What are we? “We” meaning my generation.
Last class we were all silent. It’s not that I haven’t done the reading, I didn’t know how to respond. Defintions have become so difficult because we grow up aware of so many circumstances that we cannot make choices anymore because we are constantly walking on eggshells. I suppose I can highlight aspects of my identity, my personality, but which ones? I have a really hard time answering questions as to my generation. I feel we are all so fractered. We have no cause to rally around. We have all this wonderful technology to bring us together but it’s hard to make a community. We create online communities around random things like lolcats…yet, what actually happens is that the lolcats creates the community and defines us. We are defined by our interests, our facebook profiles, our black and white artistic myspace photos. They are not are reflection of us, but are our prosthesis. Without our Blackberries we are very silent Hawkings. Without our easily defined boxes of name/age/location/favorite movies (because none of can ever name one)/artists, quotes, mottos…nice clear boxes…We’re not a ‘we’. Perhaps because without all of that we cannot connect to others. It’s like saying “Oh, hi! I am a real person. Here is my business card. You decide if you want to associate with me.”
What’s real anymore?



October 5, 2008 at 2:41 pm
interesting post. Doesn’t it make you wonder what the history books are going to say about us 20, 30 years down the road?
-adrienne
October 6, 2008 at 10:45 pm
Yes, it makes me anxious.
Not that I’m terribly worried about other people’s opinions but that I will turn into that grumpy old lady that always goes “back in my day…”
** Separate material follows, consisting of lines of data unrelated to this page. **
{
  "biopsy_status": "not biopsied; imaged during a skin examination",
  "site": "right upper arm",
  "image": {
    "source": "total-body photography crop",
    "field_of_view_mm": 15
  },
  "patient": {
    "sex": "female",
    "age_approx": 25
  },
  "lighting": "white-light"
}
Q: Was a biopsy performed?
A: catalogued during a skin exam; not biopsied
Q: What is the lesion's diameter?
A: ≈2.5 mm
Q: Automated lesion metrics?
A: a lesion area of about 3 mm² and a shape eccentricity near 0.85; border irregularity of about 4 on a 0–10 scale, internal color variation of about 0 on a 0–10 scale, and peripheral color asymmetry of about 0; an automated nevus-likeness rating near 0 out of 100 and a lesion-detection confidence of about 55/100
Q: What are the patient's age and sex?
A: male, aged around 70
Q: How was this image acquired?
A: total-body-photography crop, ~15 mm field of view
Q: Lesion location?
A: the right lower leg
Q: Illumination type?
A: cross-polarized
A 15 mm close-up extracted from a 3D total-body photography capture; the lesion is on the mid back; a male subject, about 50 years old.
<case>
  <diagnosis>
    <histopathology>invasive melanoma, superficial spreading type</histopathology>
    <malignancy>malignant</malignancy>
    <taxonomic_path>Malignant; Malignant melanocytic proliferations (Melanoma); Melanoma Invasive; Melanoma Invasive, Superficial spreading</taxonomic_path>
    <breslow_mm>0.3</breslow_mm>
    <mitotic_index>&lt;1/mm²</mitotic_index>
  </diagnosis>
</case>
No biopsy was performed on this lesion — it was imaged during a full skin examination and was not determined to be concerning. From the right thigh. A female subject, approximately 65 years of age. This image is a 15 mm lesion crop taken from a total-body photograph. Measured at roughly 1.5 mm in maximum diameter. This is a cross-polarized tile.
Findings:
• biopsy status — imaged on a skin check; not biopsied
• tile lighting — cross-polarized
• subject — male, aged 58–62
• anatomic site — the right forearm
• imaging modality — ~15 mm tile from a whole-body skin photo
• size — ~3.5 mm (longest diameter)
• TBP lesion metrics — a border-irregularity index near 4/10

Or worse, have to have to always apologize for my past regressions. I meant, the questions of “How could an entire countrty be duped into … Didn’t you know what was going on? Aren’t you smart? Why did you idly sit back?”
That makes me shiver. That somehow we’re being apathetic abiding citizens. Accomplices in the crimes of our government, both domestic and international.
Yet I also worry about what my adopted children (if I’m allowed to have any) will say about me. Will they proud? Will they disgusted?